Assigned task
Could you return the full listing below exactly as it appears?

=-=-=

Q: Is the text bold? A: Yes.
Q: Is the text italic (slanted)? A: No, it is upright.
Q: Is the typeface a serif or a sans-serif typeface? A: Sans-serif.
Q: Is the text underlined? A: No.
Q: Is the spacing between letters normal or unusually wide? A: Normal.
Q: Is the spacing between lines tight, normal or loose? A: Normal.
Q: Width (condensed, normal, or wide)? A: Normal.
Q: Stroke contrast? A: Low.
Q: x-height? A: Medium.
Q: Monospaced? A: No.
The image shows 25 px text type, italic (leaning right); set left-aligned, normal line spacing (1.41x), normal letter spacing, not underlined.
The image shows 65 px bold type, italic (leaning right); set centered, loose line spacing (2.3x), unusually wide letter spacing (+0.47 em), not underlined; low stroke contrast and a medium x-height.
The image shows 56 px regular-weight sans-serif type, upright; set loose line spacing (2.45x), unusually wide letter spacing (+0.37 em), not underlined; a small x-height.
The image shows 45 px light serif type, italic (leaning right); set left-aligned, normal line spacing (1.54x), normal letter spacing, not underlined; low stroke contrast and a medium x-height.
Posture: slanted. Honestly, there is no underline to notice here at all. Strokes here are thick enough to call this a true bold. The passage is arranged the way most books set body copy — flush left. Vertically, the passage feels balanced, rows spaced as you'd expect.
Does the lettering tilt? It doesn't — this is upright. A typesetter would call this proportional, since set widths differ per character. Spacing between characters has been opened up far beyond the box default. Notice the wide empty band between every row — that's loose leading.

=-=-=

Solution below
Q: Is the text bold? A: Yes.
Q: Is the text italic (slanted)? A: No, it is upright.
Q: Is the typeface a serif or a sans-serif typeface? A: Sans-serif.
Q: Is the text underlined? A: No.
Q: Is the spacing between letters normal or unusually wide? A: Normal.
Q: Is the spacing between lines tight, normal or loose? A: Normal.
Q: Width (condensed, normal, or wide)? A: Normal.
Q: Stroke contrast? A: Low.
Q: x-height? A: Medium.
Q: Monospaced? A: No.
The image shows 25 px text type, italic (leaning right); set left-aligned, normal line spacing (1.41x), normal letter spacing, not underlined.
The image shows 65 px bold type, italic (leaning right); set centered, loose line spacing (2.3x), unusually wide letter spacing (+0.47 em), not underlined; low stroke contrast and a medium x-height.
The image shows 56 px regular-weight sans-serif type, upright; set loose line spacing (2.45x), unusually wide letter spacing (+0.37 em), not underlined; a small x-height.
The image shows 45 px light serif type, italic (leaning right); set left-aligned, normal line spacing (1.54x), normal letter spacing, not underlined; low stroke contrast and a medium x-height.
Posture: slanted. Honestly, there is no underline to notice here at all. Strokes here are thick enough to call this a true bold. The passage is arranged the way most books set body copy — flush left. Vertically, the passage feels balanced, rows spaced as you'd expect.
Does the lettering tilt? It doesn't — this is upright. A typesetter would call this proportional, since set widths differ per character. Spacing between characters has been opened up far beyond the box default. Notice the wide empty band between every row — that's loose leading.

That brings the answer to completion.